Notas sobre el devenir de la mente

Los espejismos en que seguimos habitando están a la luz del día, pero siguen estando bajo una telón que no nos permiten ver lo que son. Todos conocemos cómo funciona todo, sin embargo seguimos pecando de incrédulos por buena voluntad. Es algo más que hacerse de la vista gorda, es haber entendido de la peor manera que el mundo sigue su ritmo en el que no somos capaces ni de meter las manos.
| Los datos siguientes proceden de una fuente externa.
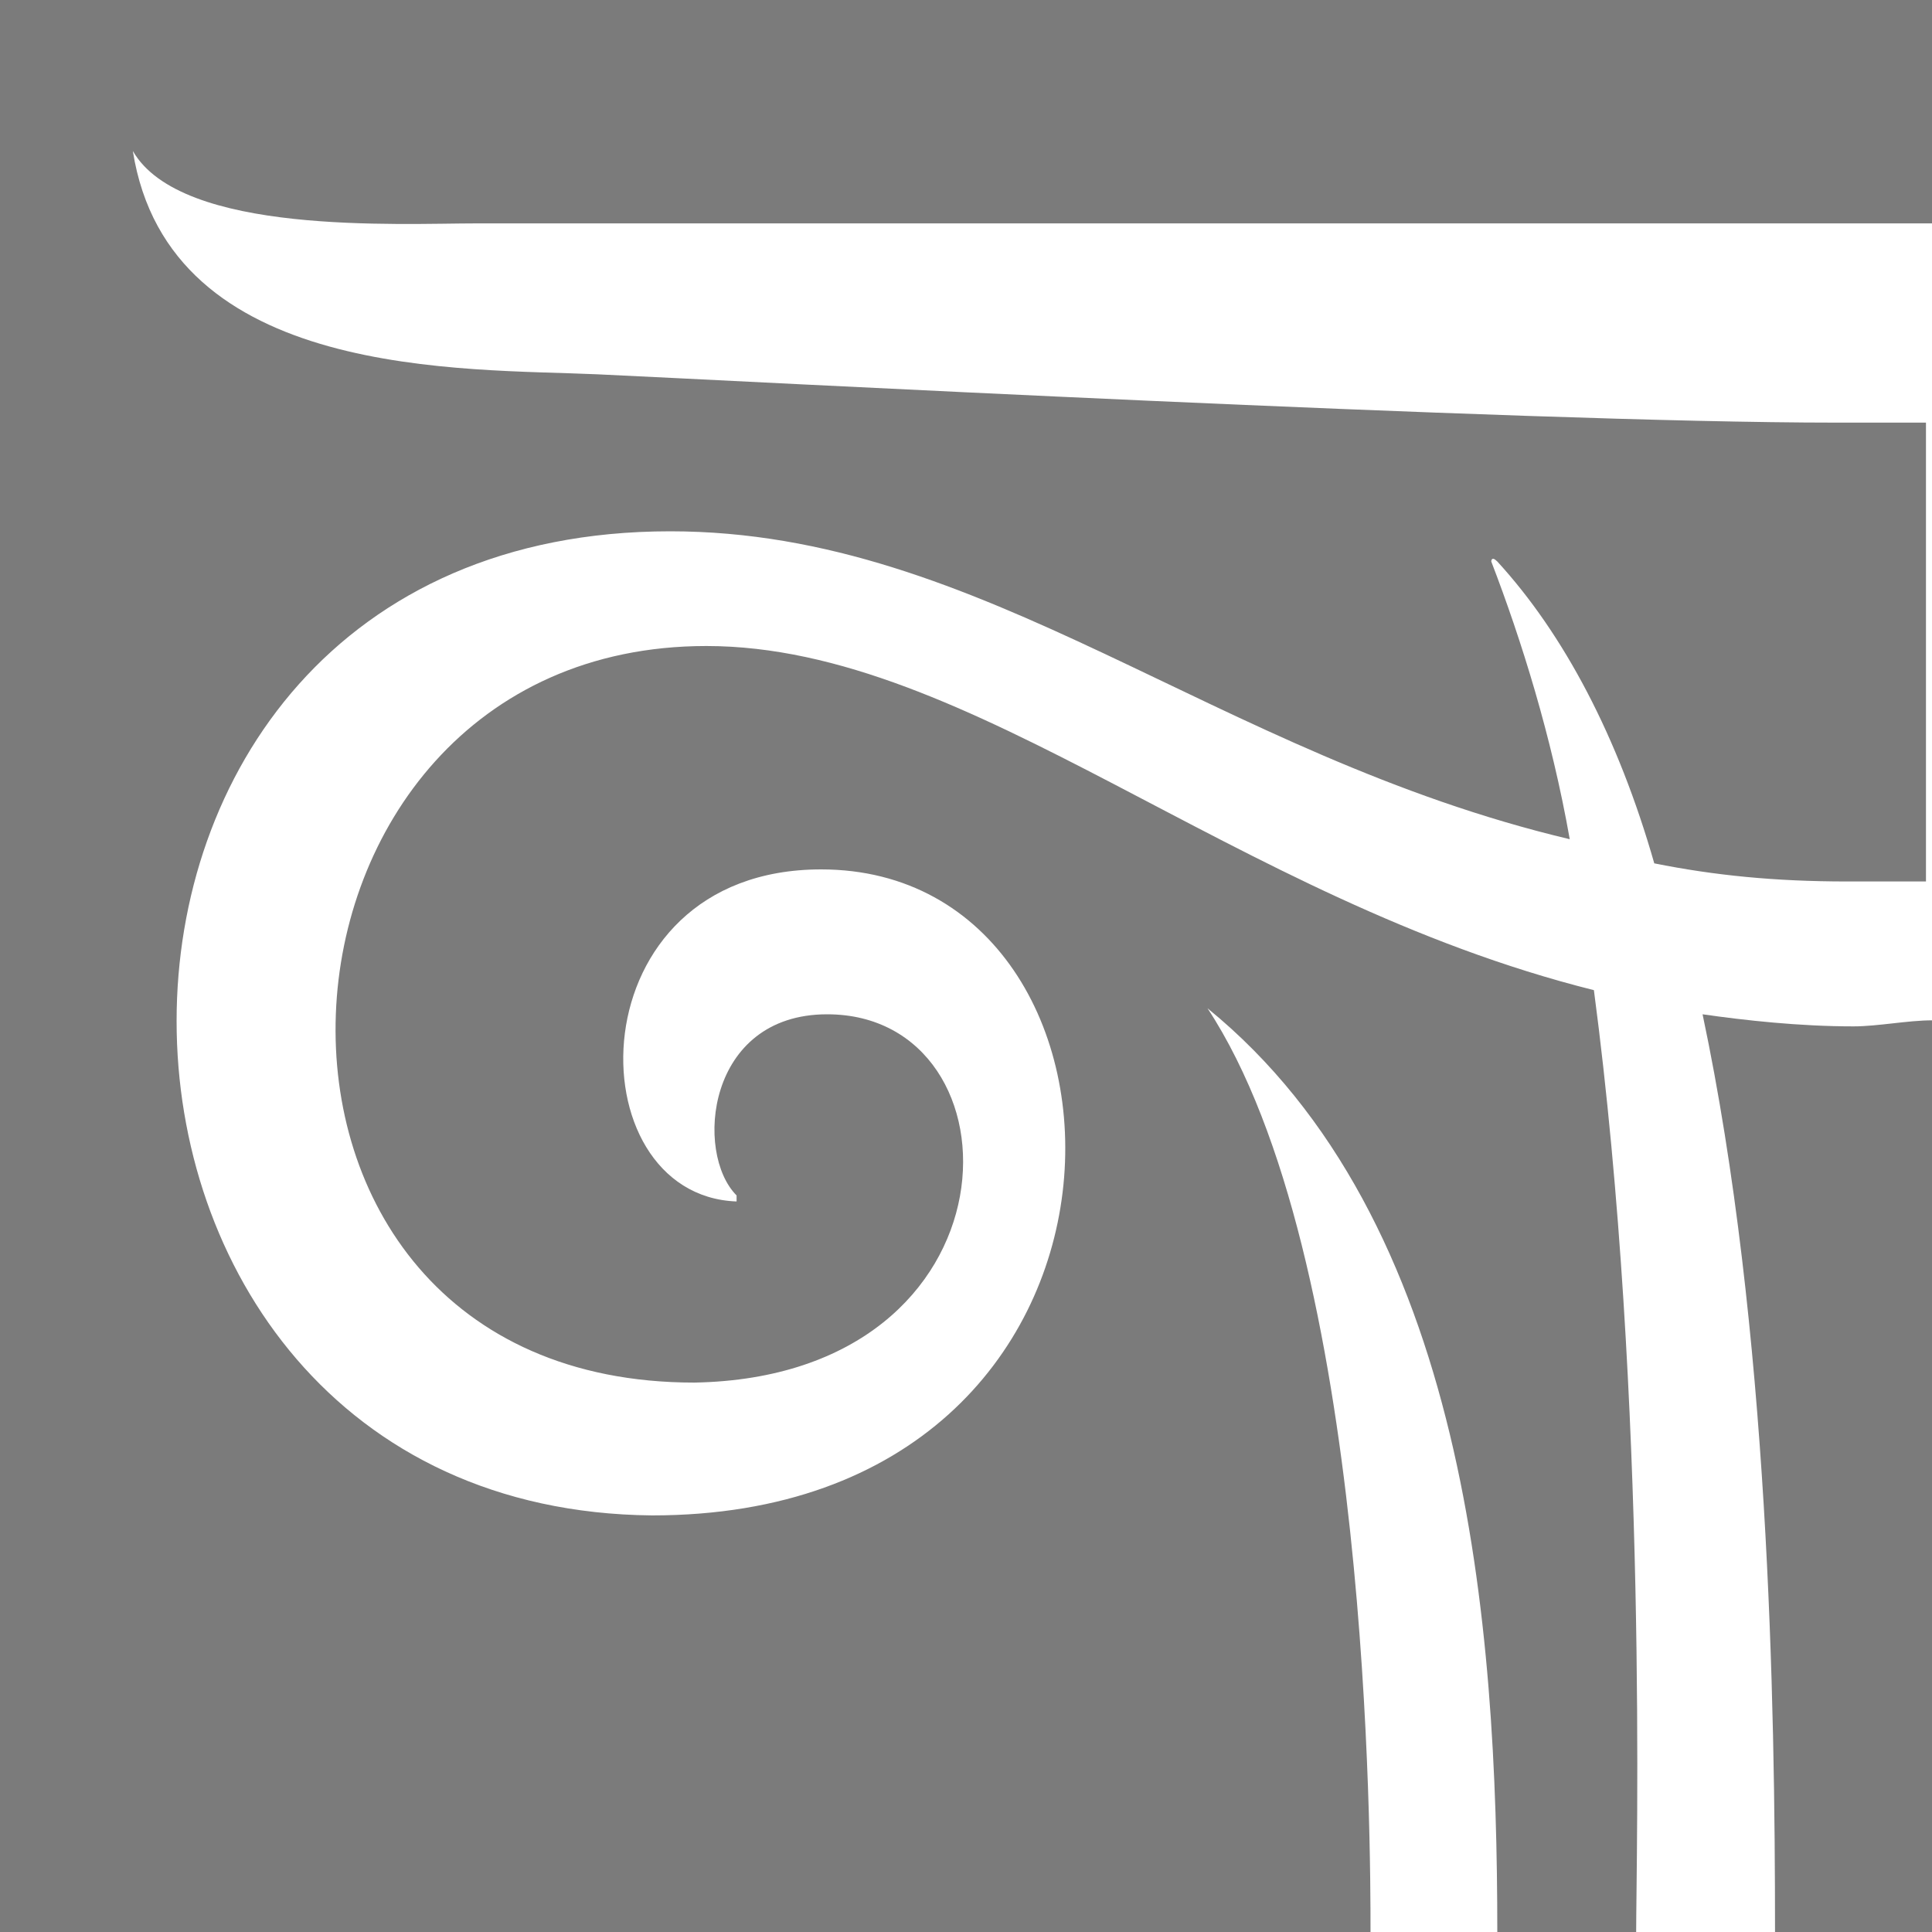 <svg xmlns="http://www.w3.org/2000/svg" width="32" height="32" viewBox="0 0 32 32"><g fill-rule="evenodd" clip-rule="evenodd" fill="#7B7B7B"><path d="M2.2 2.5C3 3.9 6.6 3.7 7.9 3.7H32V0H0v32h22.7c0-1.4 0-11.2-2.7-15.3 4.3 3.5 4.8 10.2 4.8 15.3h2.3c0-1.2.2-8.8-.7-15.6-6-1.5-10.3-5.7-14.7-5.7-7.8 0-8.5 12.2-.2 12.2 5.5-.1 5.5-6.1 2.2-6.1-2 0-2.2 2.3-1.5 3v.1c-2.7-.1-2.7-5.5 1.4-5.5 5.7 0 5.9 10.7-2.8 10.7C.4 25 .1 8.8 11.1 8.8c5.2 0 9 3.7 14.9 5.1-.3-1.7-.8-3.3-1.3-4.6 0 0 0-.1.1 0 1.1 1.2 2 2.9 2.6 5 1 .2 2 .3 3.2.3h1.3V7h-1.5c-5.2 0-18.3-.7-20.5-.8s-7.1.1-7.7-3.7"/><path d="M30.7 17q-.15 0 0 0-.15 0 0 0c-.9 0-1.8-.1-2.5-.2 1.1 5.2 1.2 11.4 1.2 15.2H32V16.9c-.4 0-.9.1-1.3.1"/></g></svg>

Aceptar la existencia independiente de cada uno, es el primer paso del ser para darse cuenta de lo efímero que es todo afuera de nuestra mente. Nadie puede estar seguro de nada, no más de su propia existencia, pero hasta ahí. Cada paso que damos es una manifestación de energía caótica que de alguna manera saldrá y no siempre tendremos el control para conocer de qué somos capaces. Todo esto no deja de ser menos inquietante cuando se le relaciona con los espejismo a los que me refiero al inicio; es decir, uno puede conocer el mecanismo y sin embargo el mundo sigue girando de la misma manera carente de sentido. Entonces surge la siguiente pregunta ¿El individuo puede hacer algo? La respuesta no está a mi alcance, o al menos eso quiero creer, porque me es meridianamente claro decir: "no"; porque si no fuera así, yo ya lo hubiera cambiado mi mundo, el de mi mente; pero sigue siendo el mismo.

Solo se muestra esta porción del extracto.